Walkthrough models
This wiki page provides an overview of how to modify model objects.
The most basic task when fitting is to change the limits of the model parameters. To begin, perform a fit with the normal full model
load demo.mat
a = bt.fit(bt.model.full,f,s_single)
Next, make a copy of +bt/+model/full.m and call the copy +bt/+model/full_gee_extended.m. This now defines a new class called full_gee_extended. Open the file, and change the class definition on line 1, the name of the constructor on line 28, and the string naming the model on line 29, to this new class. These lines originally read
1 classdef full < bt.model.template
28 function self = full() % Constructor
29 self.name = 'model_full';
and you should change them to
1 classdef full_gee_extended < bt.model.template
28 function self = full_gee_extended() % Constructor
29 self.name = 'model_full_gee_extended';
Having completed these steps, you have now created a new model called full_gee_extended. You can now run
b = bt.fit(bt.model.full_gee_extended,f,s_single)

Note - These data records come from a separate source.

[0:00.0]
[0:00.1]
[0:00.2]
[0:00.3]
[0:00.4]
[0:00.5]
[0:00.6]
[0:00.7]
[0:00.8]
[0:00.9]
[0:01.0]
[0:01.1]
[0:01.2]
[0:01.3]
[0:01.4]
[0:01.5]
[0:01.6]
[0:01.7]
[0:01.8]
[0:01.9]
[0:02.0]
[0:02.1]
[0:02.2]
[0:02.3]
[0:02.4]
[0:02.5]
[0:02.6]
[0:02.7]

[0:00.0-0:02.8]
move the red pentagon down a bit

Of course, the model is identical in substance to bt.model.full, so your results will not be any different. Now that we have created a new model object, we can now start to make the changes we want to test. For full_gee_extended, let's suppose we wanted to see what happens if Gee is allowed to take larger values. The default limits in full.m are:
self.limits = [ 0 -40 0 -40 -5 10 100 0.075 0 ;...

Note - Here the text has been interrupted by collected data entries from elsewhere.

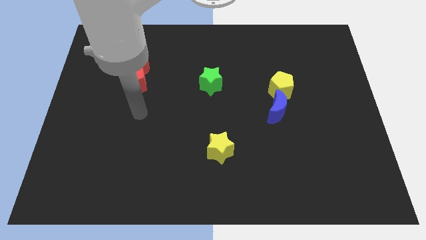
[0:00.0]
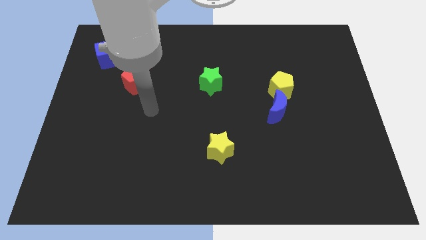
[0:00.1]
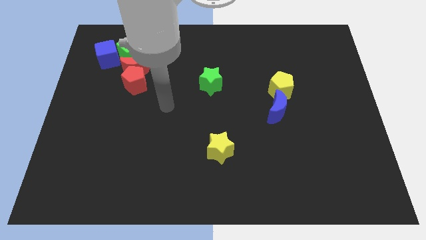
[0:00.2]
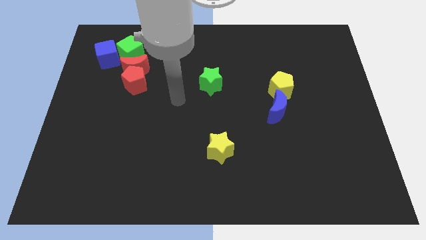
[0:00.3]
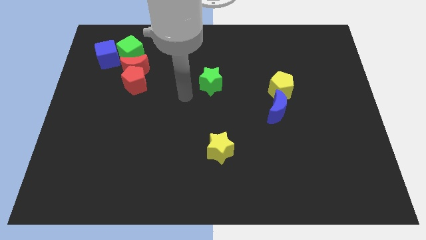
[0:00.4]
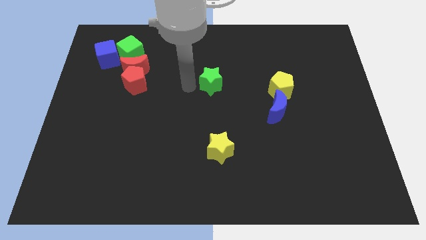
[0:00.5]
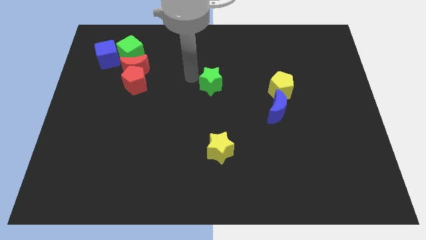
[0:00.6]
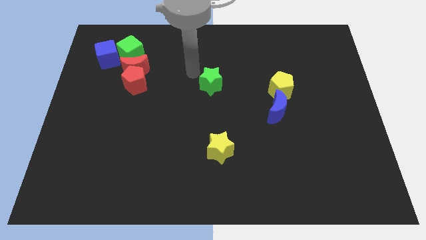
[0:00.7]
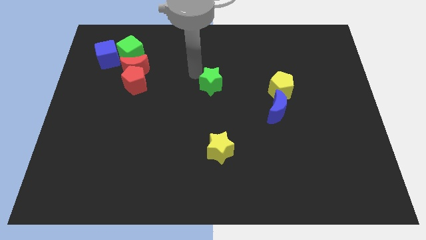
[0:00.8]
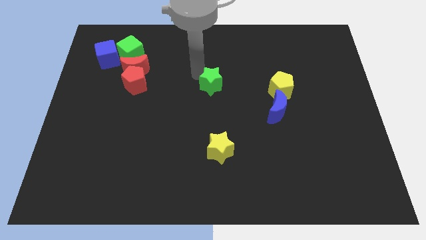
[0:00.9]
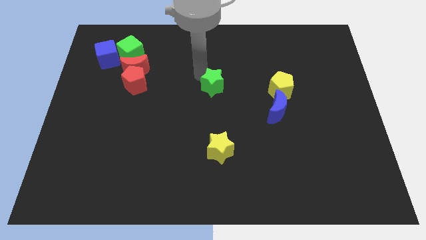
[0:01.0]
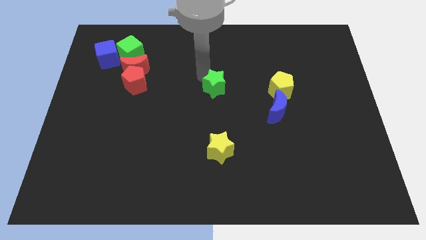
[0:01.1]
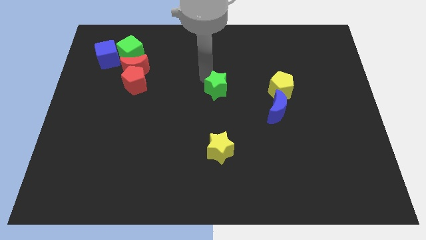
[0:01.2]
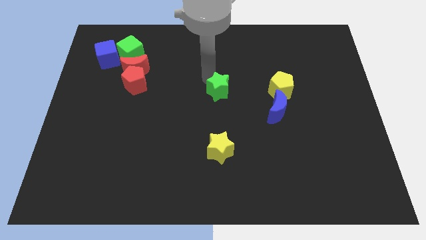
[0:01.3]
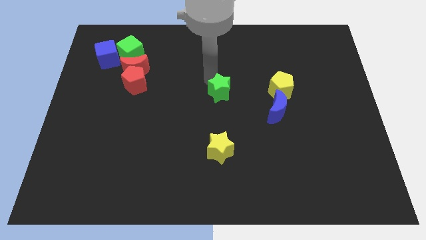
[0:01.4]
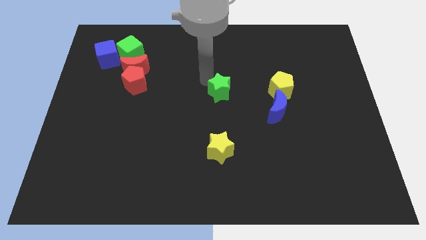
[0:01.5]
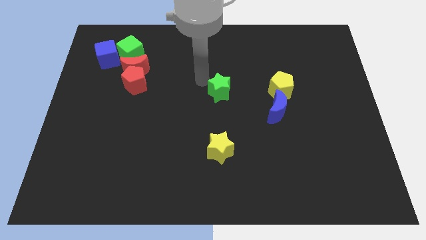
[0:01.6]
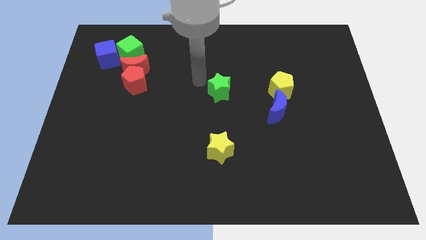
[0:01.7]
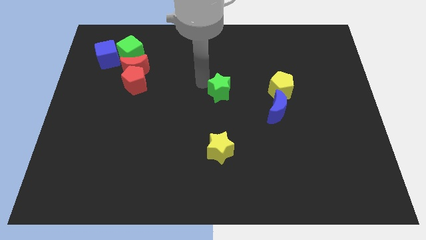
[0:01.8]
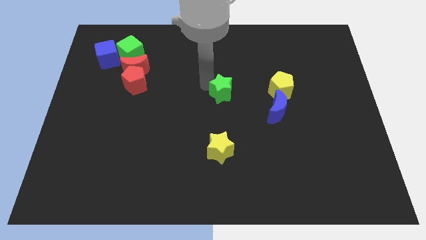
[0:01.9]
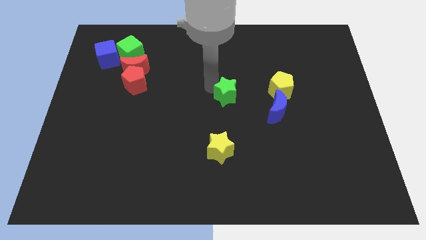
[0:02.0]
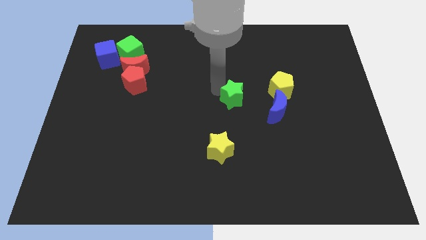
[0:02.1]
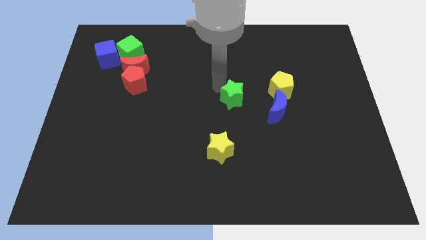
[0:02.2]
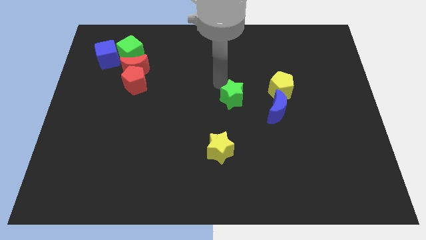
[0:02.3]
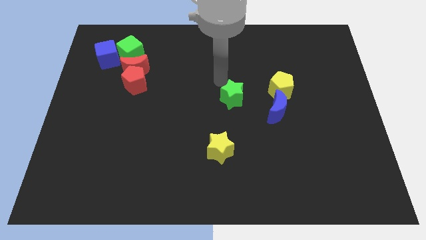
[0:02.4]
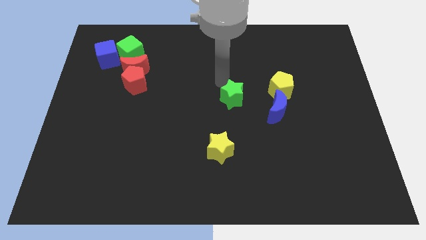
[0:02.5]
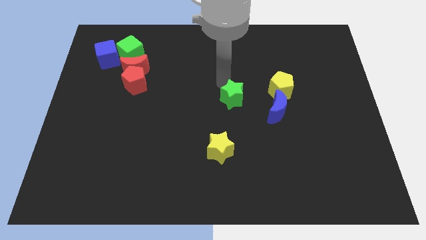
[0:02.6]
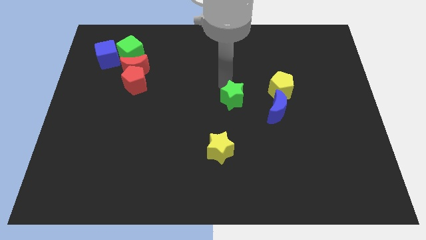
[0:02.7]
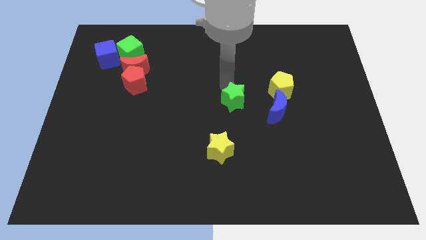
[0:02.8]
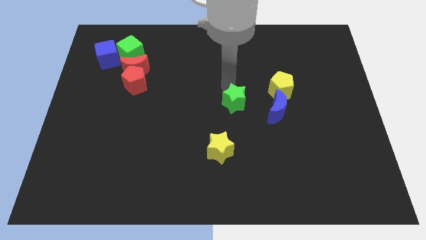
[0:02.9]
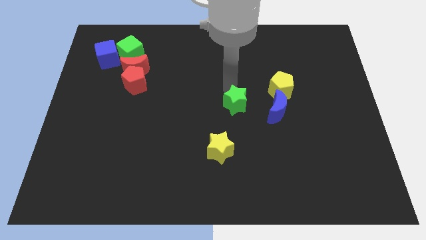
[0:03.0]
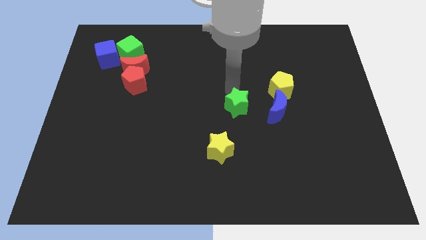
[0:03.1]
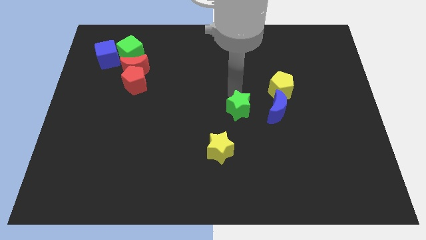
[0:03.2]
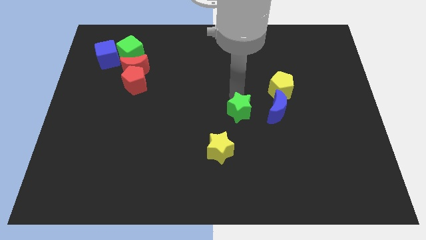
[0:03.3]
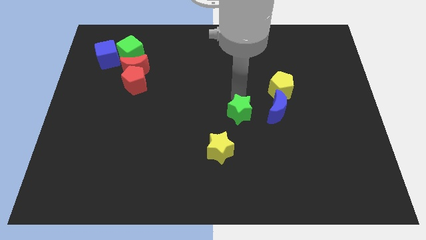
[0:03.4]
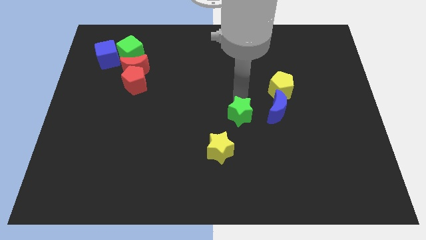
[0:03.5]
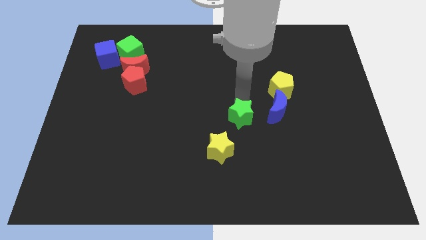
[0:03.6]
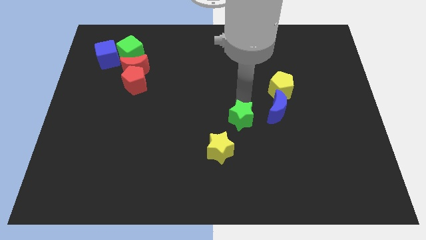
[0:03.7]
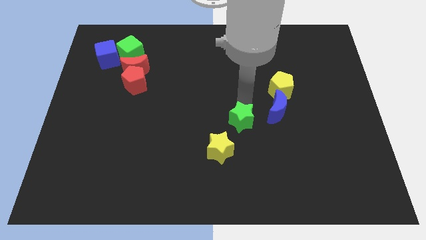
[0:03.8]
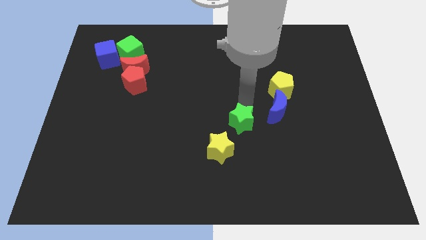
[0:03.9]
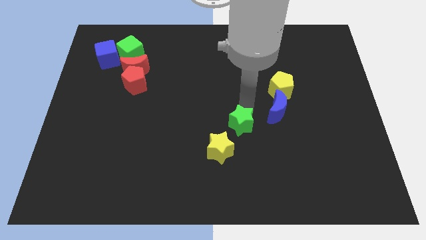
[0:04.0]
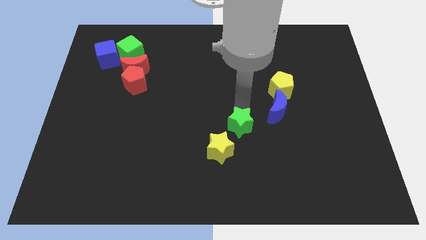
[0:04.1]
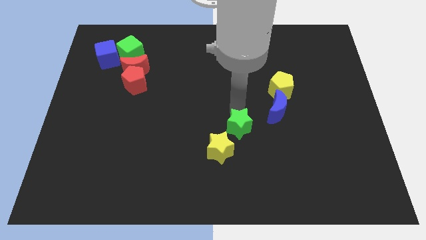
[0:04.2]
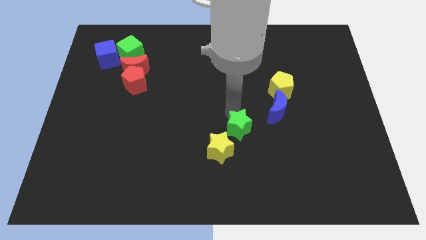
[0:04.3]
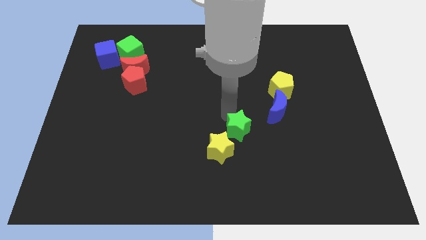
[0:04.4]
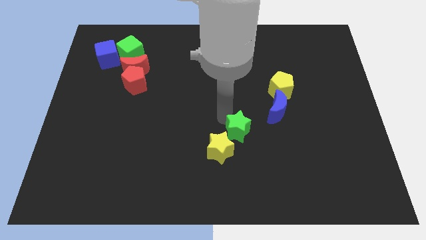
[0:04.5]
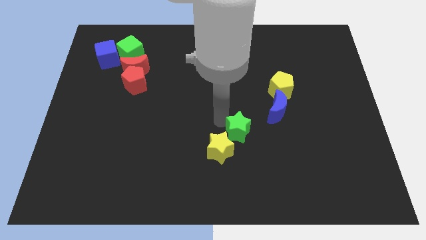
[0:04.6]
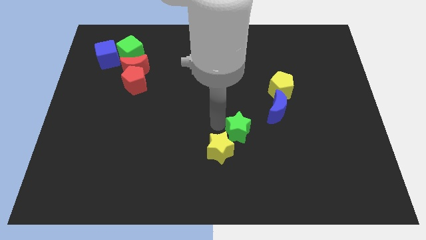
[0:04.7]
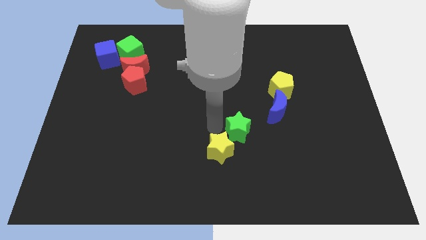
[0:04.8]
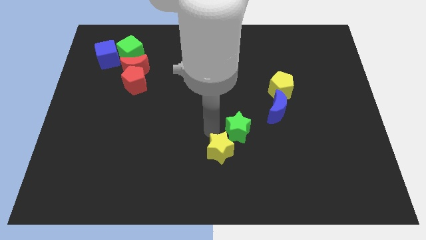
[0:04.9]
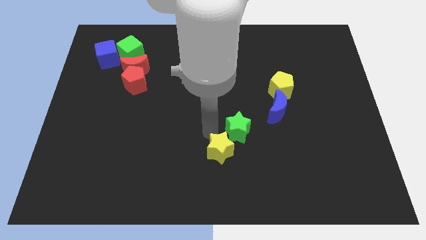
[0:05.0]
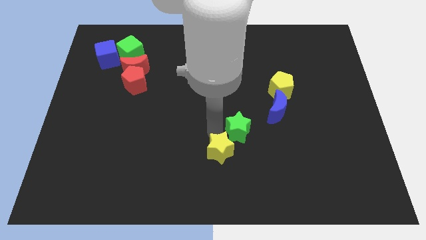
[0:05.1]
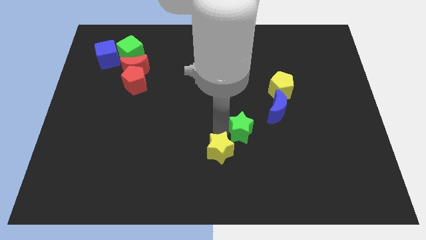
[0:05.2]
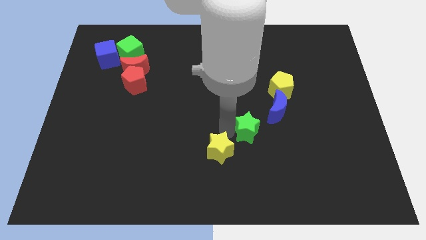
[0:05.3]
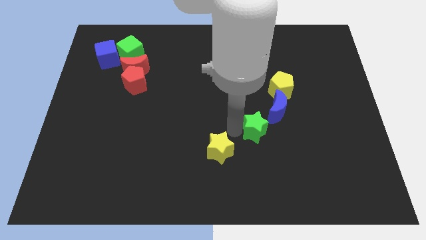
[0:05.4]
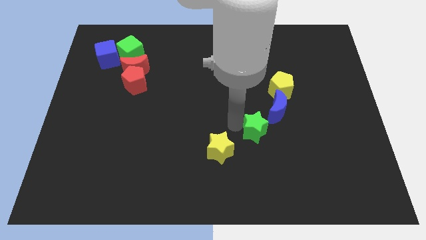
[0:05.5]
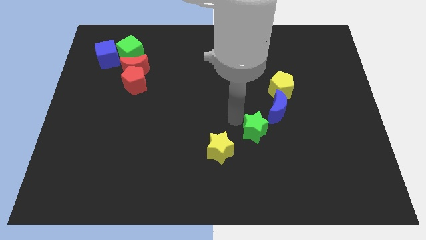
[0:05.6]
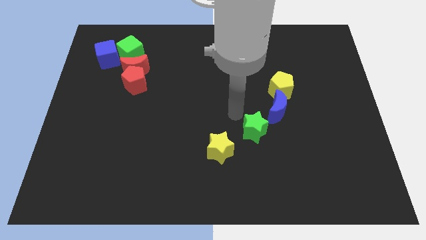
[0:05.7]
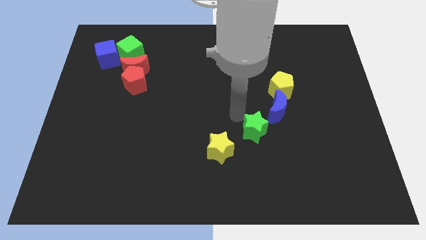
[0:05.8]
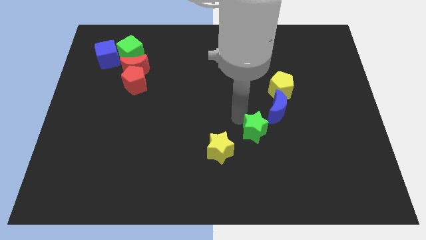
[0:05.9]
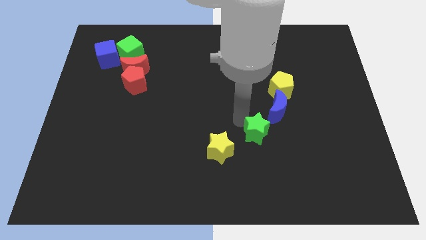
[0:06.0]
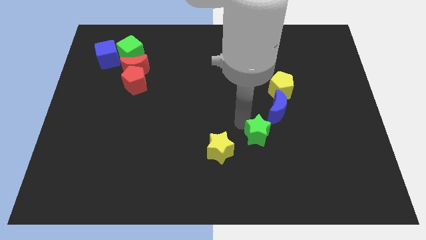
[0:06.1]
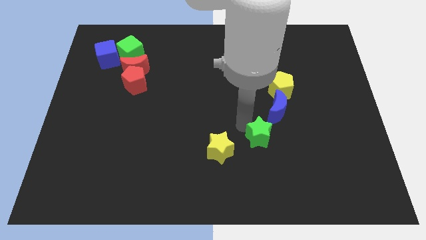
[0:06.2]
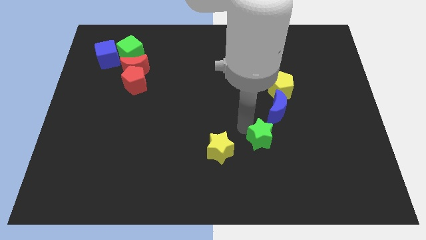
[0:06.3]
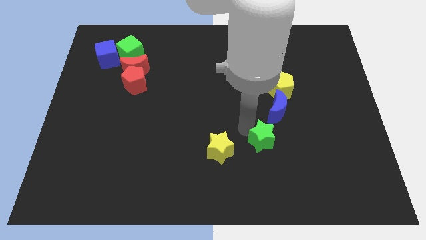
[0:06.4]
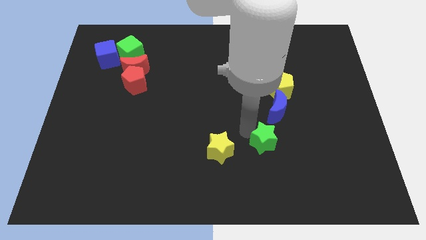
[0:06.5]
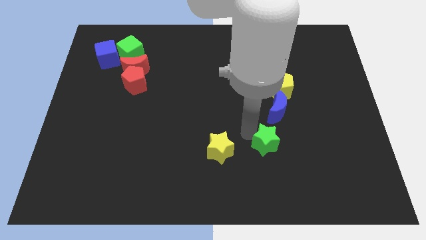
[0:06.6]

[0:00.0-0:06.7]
push the green star downwards and right diagonally

20 0 40 0 0 100 800 0.14 1 ];
The rows correspond to the lower and upper bounds, and the columns correspond to the parameter, in the same order as in self.param_names. For full.m, we have
self.param_names = {'Gee','Gei','Gese','Gesre','Gsrs','Alpha','Beta','t0','EMGa'};
so the upper bound on Gee in self.limits in the first column, second row. We can double it as follows:
self.limits = [ 0 -40 0 -40 -5 10 100 0.075 0 ;...
40 0 40 0 0 100 800 0.14 1 ];
and then run the fit
b = bt.fit(bt.model.full_gee_extended,f,s_single)
As shown below, the plot now reflects the new upper bound on Gee.
Note that if you run b.interactive_fit or any of the other plots, the updated limit will automatically be used.
- Make a copy of one of the existing models
- Update the list of parameters, units, limits
- Step through each function implemented by the model, and update it to support the new parameters. Pay particular attention to
-
objective, because this is probably where your parameters have an effect -
validate_paramsif a simple range is insufficient to rule out all invalid parameter values -
initialize_fit- you will need to add your parameter to the vector of initial values returned by this function
-
If your model is based heavily on another existing one, you can inherit from that model instead of template. For example, reduced_emgf is almost identical to reduced except it has an extra EMG parameter. Since most of the auxiliary functions are unchanged, reduced_emgf inherits from reduced and only overloads the functions in which the EMG parameter is required. full_norm takes this a step further by even calling full.objective before performing its own special renormalization.
Lastly, one very important step is to tune the initial step size for the chain. This is best accomplished by setting debugmode = true in one of the wrappers, such that the trace plot for the chain is displayed. Generally, not enough steps are being accepted and the trace plot looks like a series of steps, you should decrease the initial step size. Whereas if the initial step size is too small, the trace plot will show that it takes a long time to reach the stationary distribution. In particular, the amplitude of the trace plot will likely increase with the number of steps, and the initial step size is probably too small if the amplitude is still increasing after the burn-in period.